Por ello Jesús hace una comparación entre el Fariseo y la mujer, uno es la indiferencia y el otro es el amor, ella por orgullo y soberbia con el Fariseo y con todas las personas que habían en la casa que la señalaban, pudo no haber llegado a Jesús, más sin embargo ella renuncia a todo rencor, a todo resentimiento y se olvida de todo, su meta es Jesús y una vez llega a él le moja los pies con sus lágrimas y los seca con su cabello, ella estaba llena de dolor, su carne sufría y quiso entregarle eso a Jesús. Muchos queremos ser sanados pero ¿Cuántos estamos dispuestos a pagar el precio del perdón?

 

¿Cuántos de nosotros hemos sacado de verdad todo lo que hay en nuestro corazón?, ¿Cuántos de nosotros hemos  perdonado al hermano y vivimos en paz con lo que nos rodea? Repetimos como loro el primer mandamiento: “Amaras a tu prójimo como a ti mismo”, pero ¿cuántos lo hacen? Y me dirán: ...bueno, pero el que me ha herido y lastimado es precisamente mi prójimo, pero es ahí donde Dios pone a prueba el amor que le tienes, ¿de que vale amar a los que te aman?, eso no tiene mérito, debes amar a quien te odia esa es la doctrina de Jesús.

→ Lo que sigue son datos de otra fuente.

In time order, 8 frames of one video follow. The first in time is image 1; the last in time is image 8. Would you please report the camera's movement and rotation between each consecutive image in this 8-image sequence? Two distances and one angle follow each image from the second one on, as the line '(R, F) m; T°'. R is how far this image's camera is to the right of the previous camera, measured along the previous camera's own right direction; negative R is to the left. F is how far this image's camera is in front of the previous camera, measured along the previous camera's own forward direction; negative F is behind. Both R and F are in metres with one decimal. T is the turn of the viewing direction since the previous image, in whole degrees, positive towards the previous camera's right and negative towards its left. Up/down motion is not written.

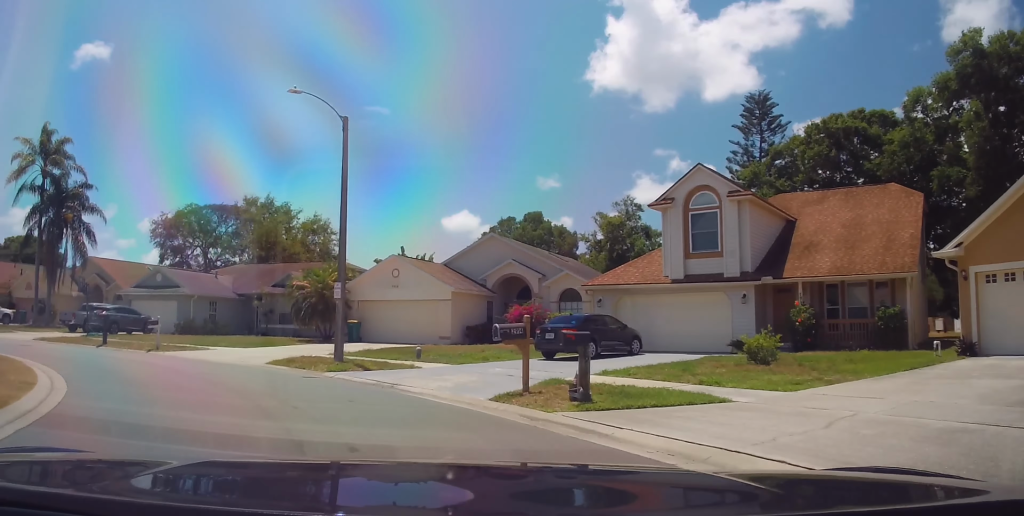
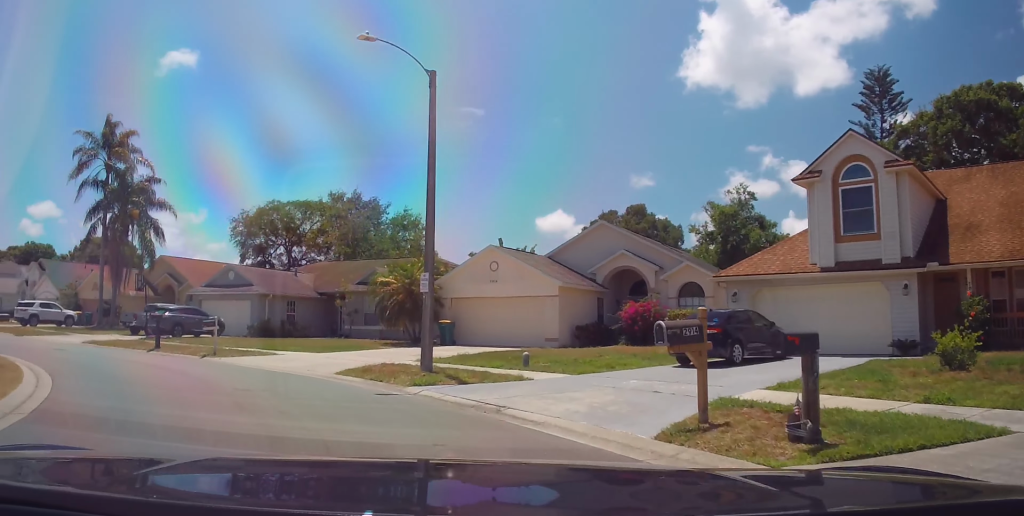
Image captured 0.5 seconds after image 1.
(-0.6, +3.9) m; -9°
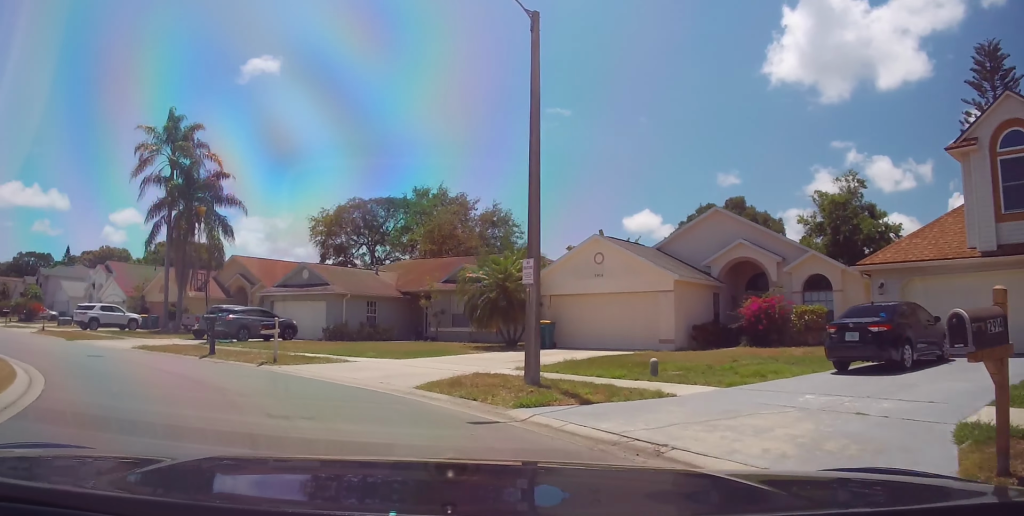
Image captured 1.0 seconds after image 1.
(0.0, +3.5) m; -8°
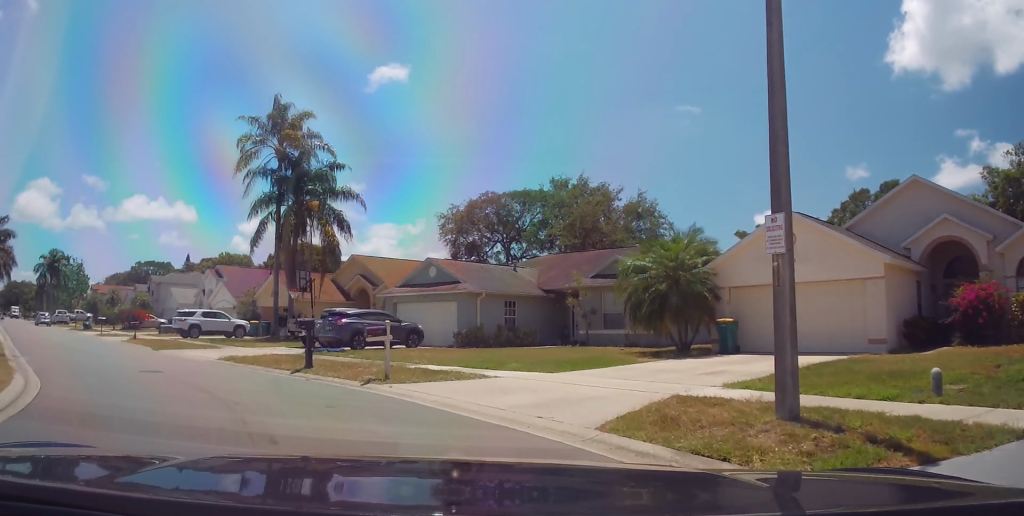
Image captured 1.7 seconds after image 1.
(-0.7, +4.8) m; -13°
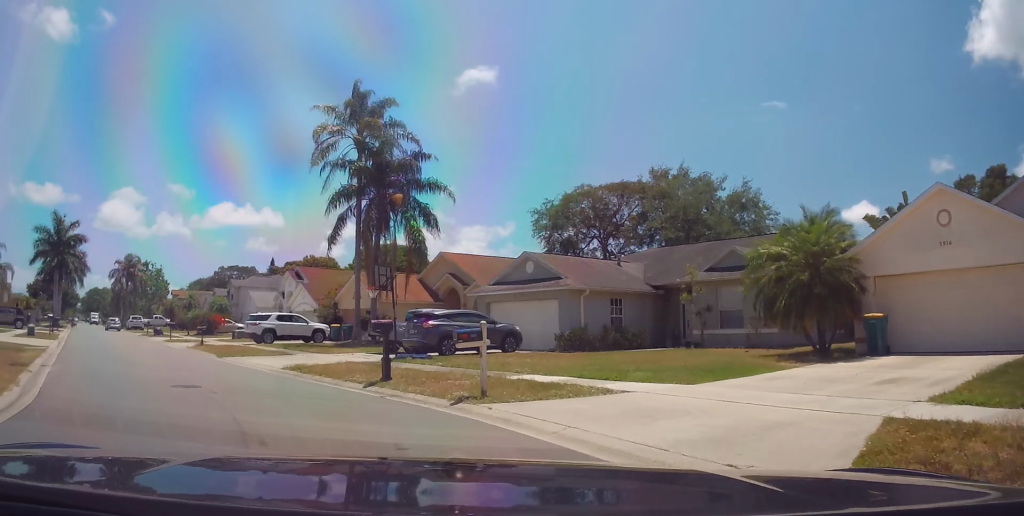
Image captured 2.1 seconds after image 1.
(-0.1, +3.1) m; -8°
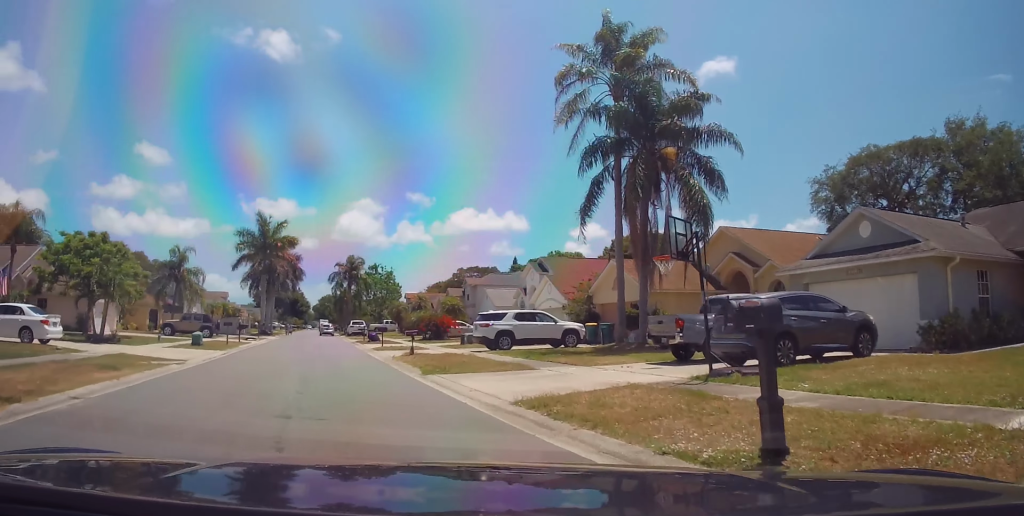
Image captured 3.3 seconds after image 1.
(-1.7, +8.5) m; -17°
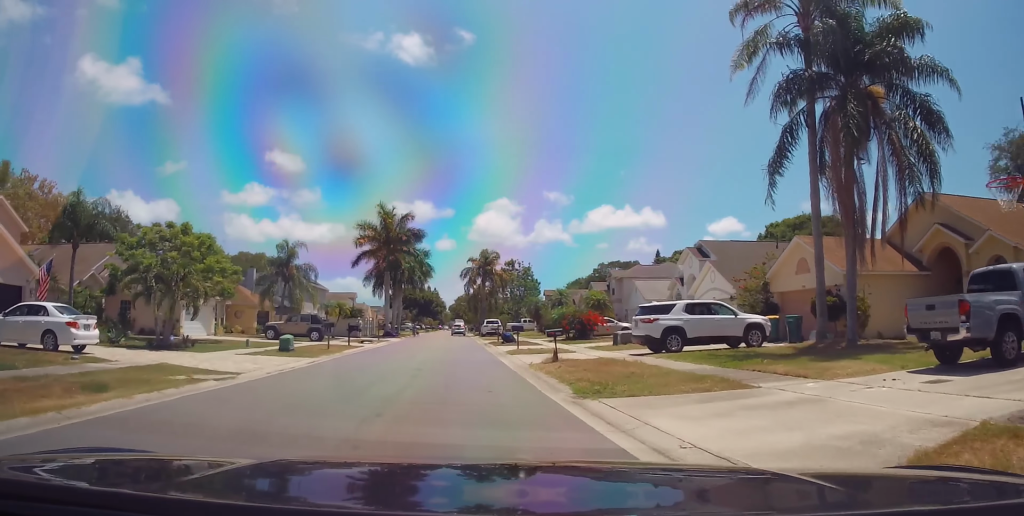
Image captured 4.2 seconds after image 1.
(-0.3, +6.2) m; -10°
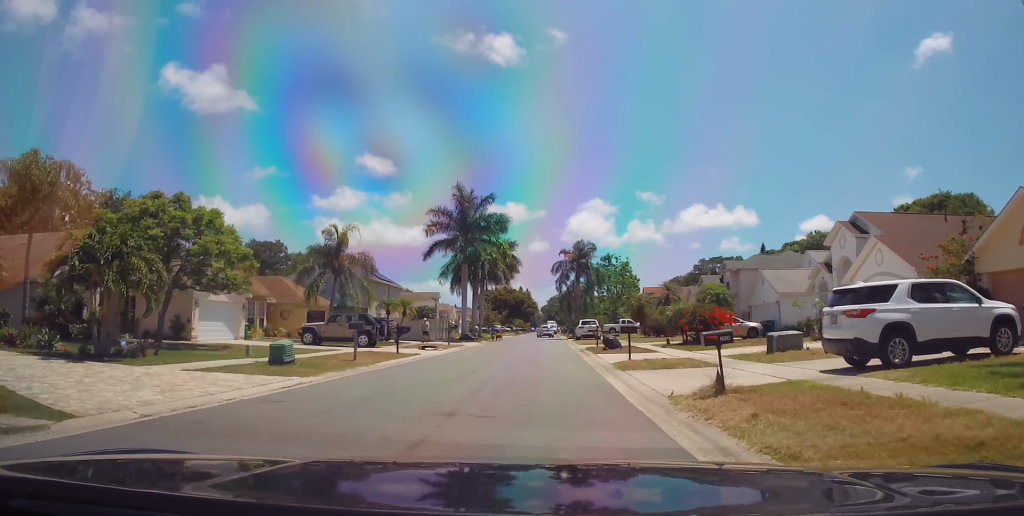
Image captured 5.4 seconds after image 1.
(-0.9, +9.1) m; -5°

 ¿Y nosotros de verdad vivimos esa doctrina?,  Jesús en Mateo 5:23-24, nos dice que antes de llevar tu ofrenda al altar, reconcíliate con tu hermano; nos vanagloriamos en decir: voy tantas veces a misa, hice tantos ayunos y viví en el grupo algo extraño en la oración. ¿Recibirá el Señor esta ofrenda realmente?  Algo similar ocurre en el pasaje del profeta Isaías; (Is 1, 13-16) el Señor está cansado de vanas ofrendas, de misas y reuniones, lo que el quiere es un corazón contrito y humillado que quiera perdonar para recibir perdón, muchas veces sufrimos años con una enfermedad psicosomática por vivir llenos de rencor, o recordando episodios que hacen daño.

 

Nosotros mismos nos estamos dañando y alejando de Dios, Él no quiere un corazón lleno de rencor, ni odio, ni tampoco quiere que precisamente eso que aprieta tu corazón sea contra un hijo de él, porque la persona que te lástima también es hijo de Dios y Dios como todo padre es celoso con sus hijos, recuerda que el nos ama por su naturaleza no por nuestros méritos, el Señor nos regala el sol y el aire para todos sus hijos los que son obedientes y los que no.

Por eso Jesús hace mucho énfasis en el amor al prójimo, porque así a quien estas amando es a Dios, absolutamente nadie que le guarde rencor u odio a alguien puede decir que ama a Dios, el único juez es Dios, nosotros no debemos juzgar porque no nos corresponde, más sin embargo llegamos más allá y condenamos a nuestros enemigos, olvidando nuestros propios errores. Para nosotros Dios debe estar por encima de todo, por eso el primer mandamiento de Israel era “Amarás al Señor tu Dios, con todo tu corazón y con toda tu alma”, pero fíjense como Jesús quien vino a sellar la Nueva Alianza dijo: PERO YO OS DIGO…”Amaras a tu prójimo como a ti mismo” y no es que colocara a Dios en una situación inferior, es que Dios está en el prójimo y así lo tienes que ver, si cada quien viviera  este mandamiento nadie dañara a nadie porque sería consciente que está dañando a Dios.

 

Los que nos hacen daño, son ignorantes de lo que hacen, por eso el Señor dijo: mi Pueblo se pierde por desconocimiento de mi Palabra; hoy en día el pueblo está tan sordo y ciego que desconocen los mandamientos, desconocen el contenido de la Biblia, la Tradición y al Magisterio, pero nosotros que ya estamos crecidos y somos católicos practicantes, nosotros sabemos lo que hacemos y por ende debemos entender el temperamento de los demás, nada debe robar nuestra paz interior, no debemos condenarnos nosotros mismos con lo que podemos decir en un momento de ira, todos al llegar a la presencia de nuestro Señor seremos juzgados y hay que tener en cuenta que al que más se le da, más se le exige.

 

Practiquemos el perdón desde ahora, veamos el rostro de Dios en aquellos que nos hacen daño y así colocando la otra mejilla antes de golpear, estaremos amando como Cristo nos amó, la parte más hermosa de este pasaje fue el momento en que Jesús le dice a María: “por eso te digo que quedan perdonados sus muchos pecados, porque ha demostrado mucho amor”. Siempre hay que dar más de lo que se recibe, en el amor está la presencia de Dios y sólo dando amor encontramos la verdadera felicidad.